Using the current latest checkout of this repo (or any 0.30.x version) on a Mac can result in cpu.cpu_usage() reporting a NaN. This is primarily caused by this code:

in_use = get_in_use(cpu_info, offset).saturating_sub(get_in_use(old_cpu_info, offset));
total = in_use.saturating_add(
get_idle(cpu_info, offset).saturating_sub(get_idle(old_cpu_info, offset)) as _,
);
}
in_use as f32 / total as f32 * 100.

If refresh_cpu() is called in rapid succession the collected data can be the same, resulting in total being 0, since in_use is divided by total, this creates a divide by zero situation and can return a NaN.

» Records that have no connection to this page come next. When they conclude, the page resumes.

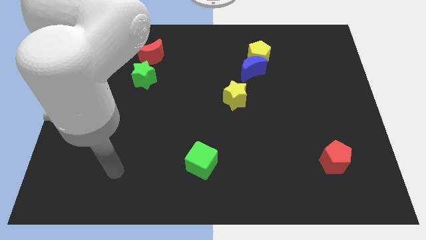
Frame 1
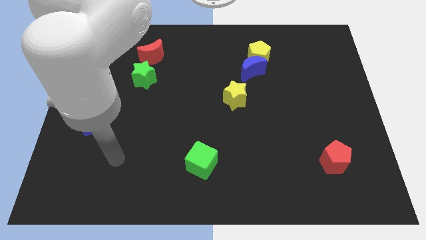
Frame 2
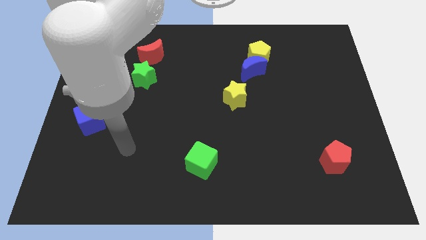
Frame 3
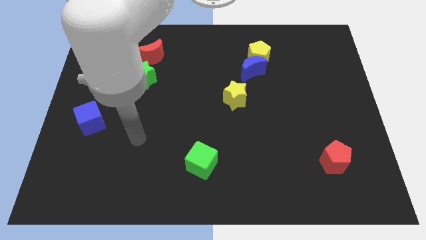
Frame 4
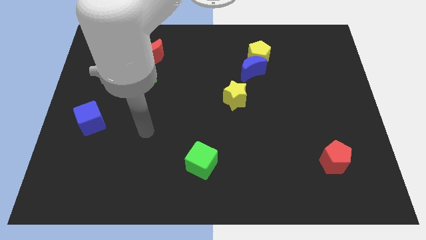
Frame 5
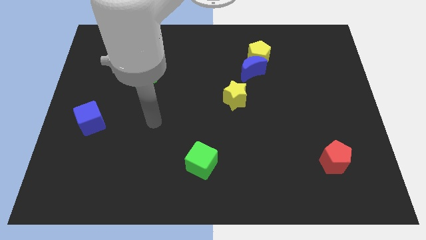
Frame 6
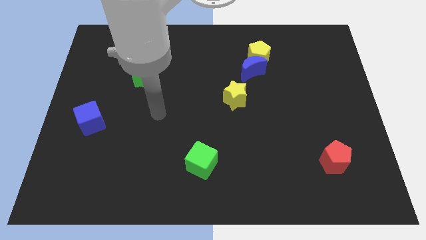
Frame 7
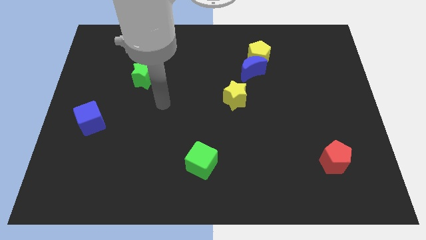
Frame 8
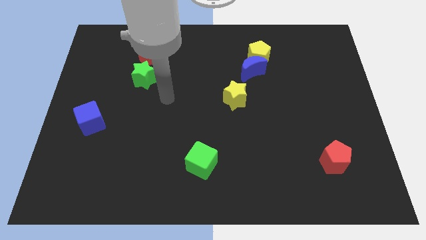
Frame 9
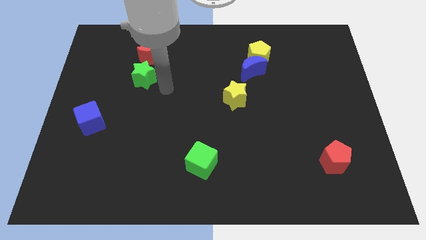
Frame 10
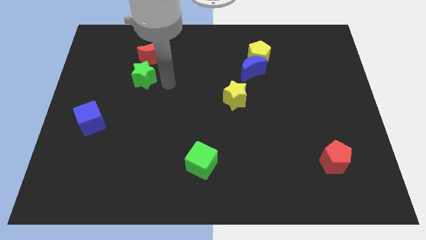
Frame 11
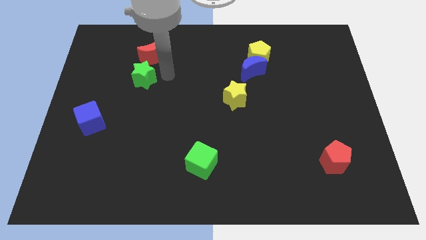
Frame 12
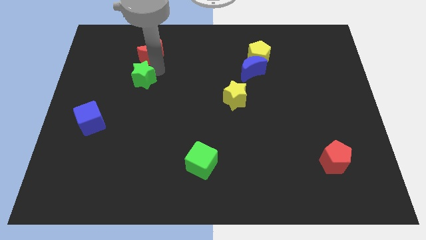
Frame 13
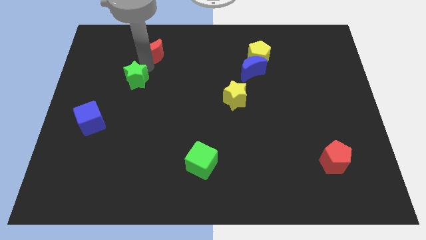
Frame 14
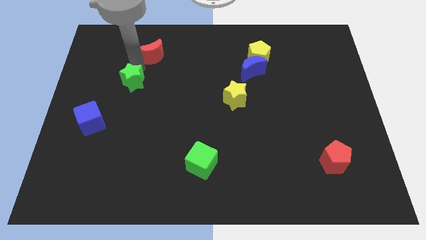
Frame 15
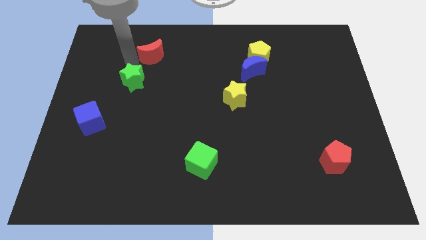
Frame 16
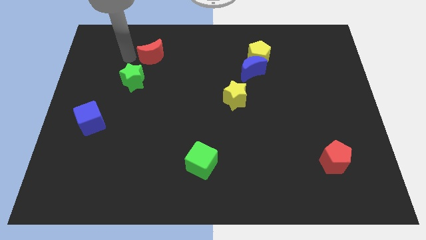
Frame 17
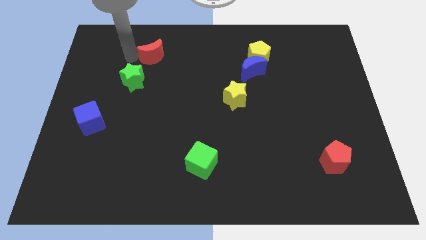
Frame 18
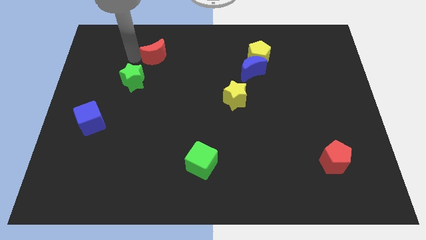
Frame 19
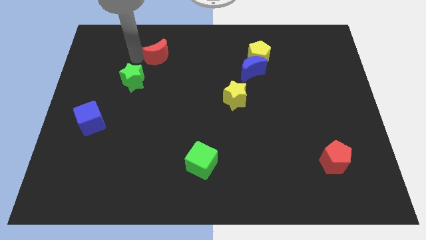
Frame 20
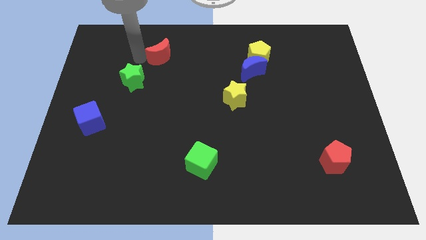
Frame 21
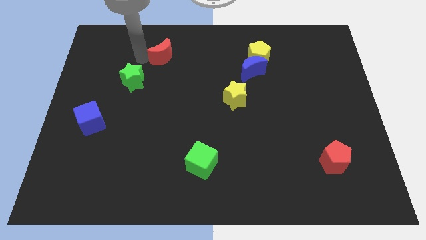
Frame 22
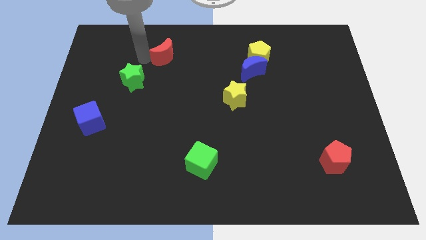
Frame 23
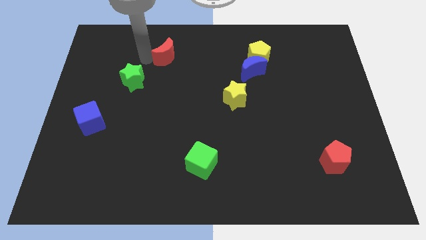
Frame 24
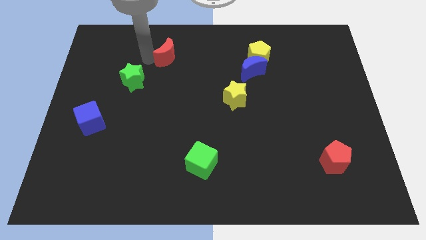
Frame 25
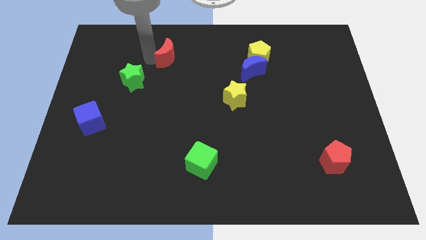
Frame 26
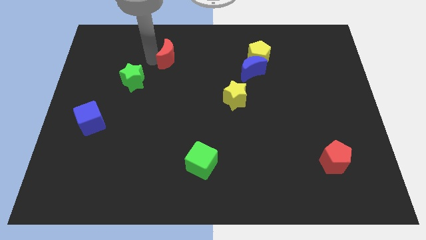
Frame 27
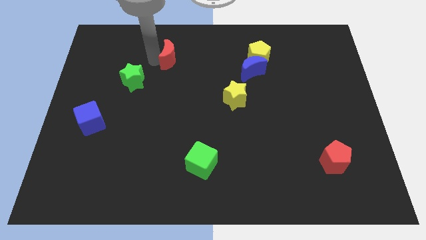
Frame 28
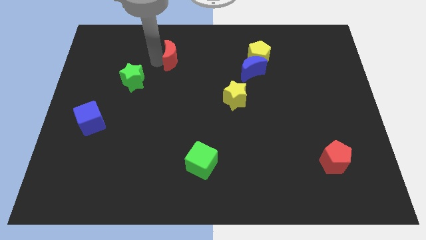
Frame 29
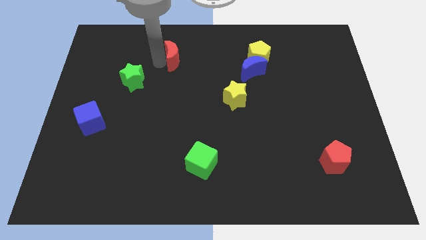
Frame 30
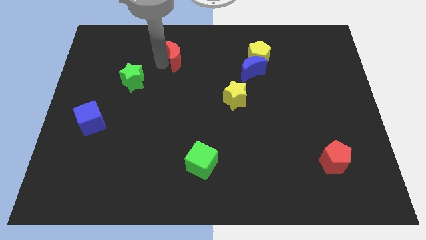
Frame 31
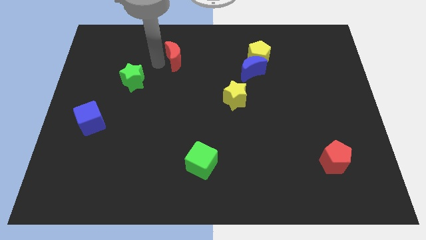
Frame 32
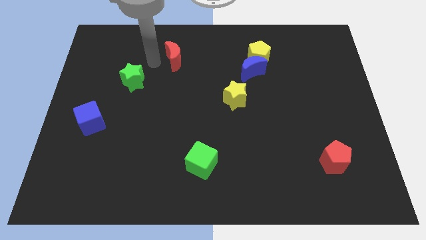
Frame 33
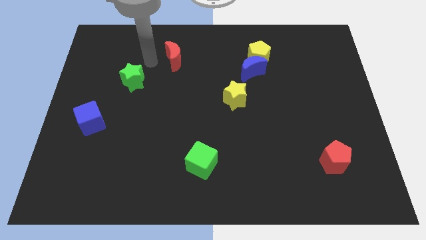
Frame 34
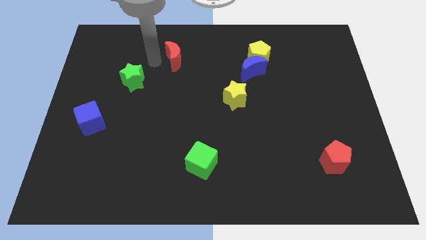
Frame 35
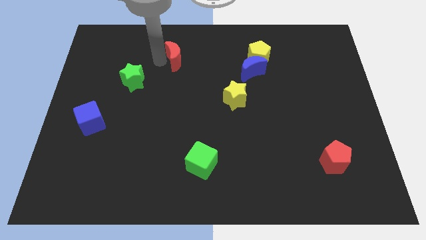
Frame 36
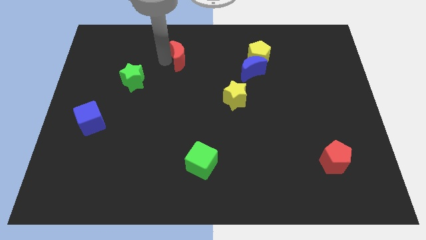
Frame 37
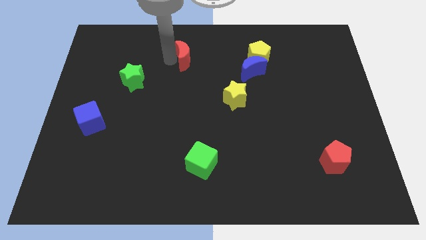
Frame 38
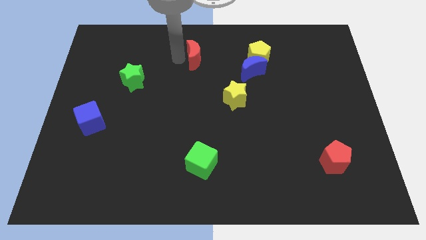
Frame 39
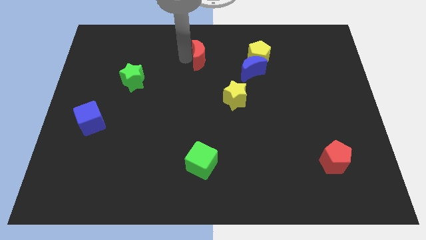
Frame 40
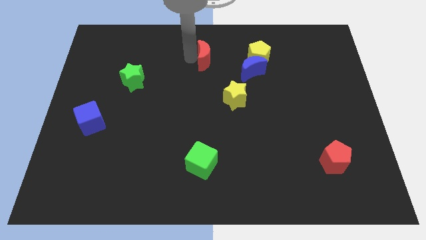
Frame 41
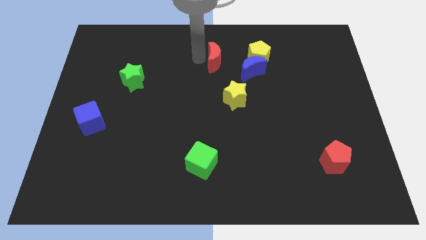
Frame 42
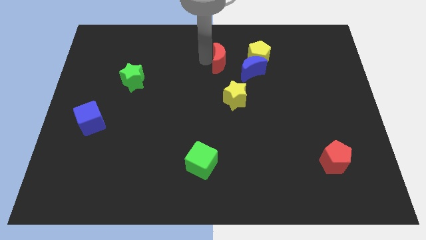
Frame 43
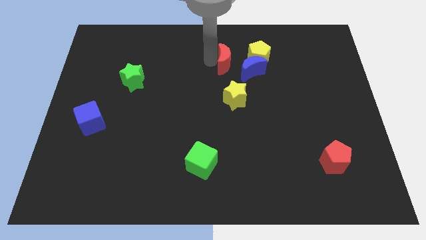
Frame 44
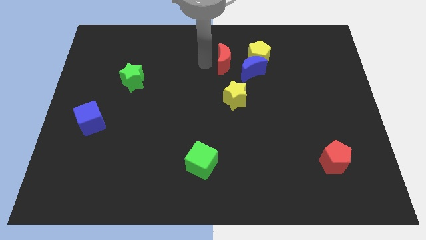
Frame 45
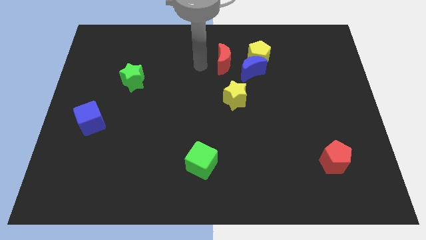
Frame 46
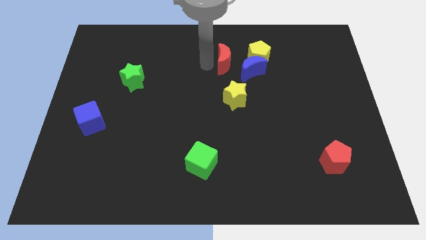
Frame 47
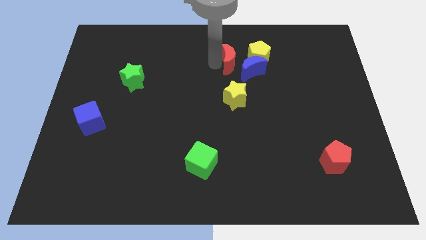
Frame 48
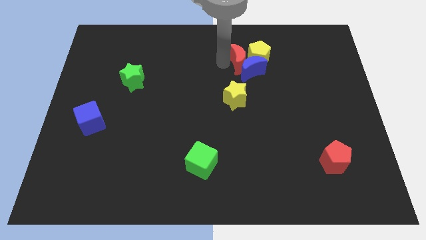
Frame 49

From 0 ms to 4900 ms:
push the red moon next to the yellow pentagon

It can be worked around by waiting sysinfo::MINIMUM_CPU_UPDATE_INTERVAL between calls to refresh_cpu(), as the data will (hopefully) no longer be the same.

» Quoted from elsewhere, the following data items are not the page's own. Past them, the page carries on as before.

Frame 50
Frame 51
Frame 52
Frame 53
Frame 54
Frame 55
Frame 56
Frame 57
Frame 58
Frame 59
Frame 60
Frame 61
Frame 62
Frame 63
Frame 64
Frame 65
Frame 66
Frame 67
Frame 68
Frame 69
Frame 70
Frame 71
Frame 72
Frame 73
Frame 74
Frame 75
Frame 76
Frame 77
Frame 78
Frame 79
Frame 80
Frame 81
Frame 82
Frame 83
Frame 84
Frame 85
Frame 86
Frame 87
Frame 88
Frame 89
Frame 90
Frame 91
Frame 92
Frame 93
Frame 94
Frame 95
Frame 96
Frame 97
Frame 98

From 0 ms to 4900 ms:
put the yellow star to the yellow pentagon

Some platforms, such as Linux, do this interval check internally:

// If the last CPU usage update is too close (less than `MINIMUM_CPU_UPDATE_INTERVAL`),
// we don't want to update CPUs times.
if need_cpu_usage_update {

This PR takes the same strategy as Linux and enforces an interval internally.

I can confirm that as a result of this change, cargo test passess successfully on my aarch64 Mac.

To Reproduce

I used a aarch64 Mac, but it should be reproducable on any Mac. It was also observed on during local Rust builds with build.metrics enabled.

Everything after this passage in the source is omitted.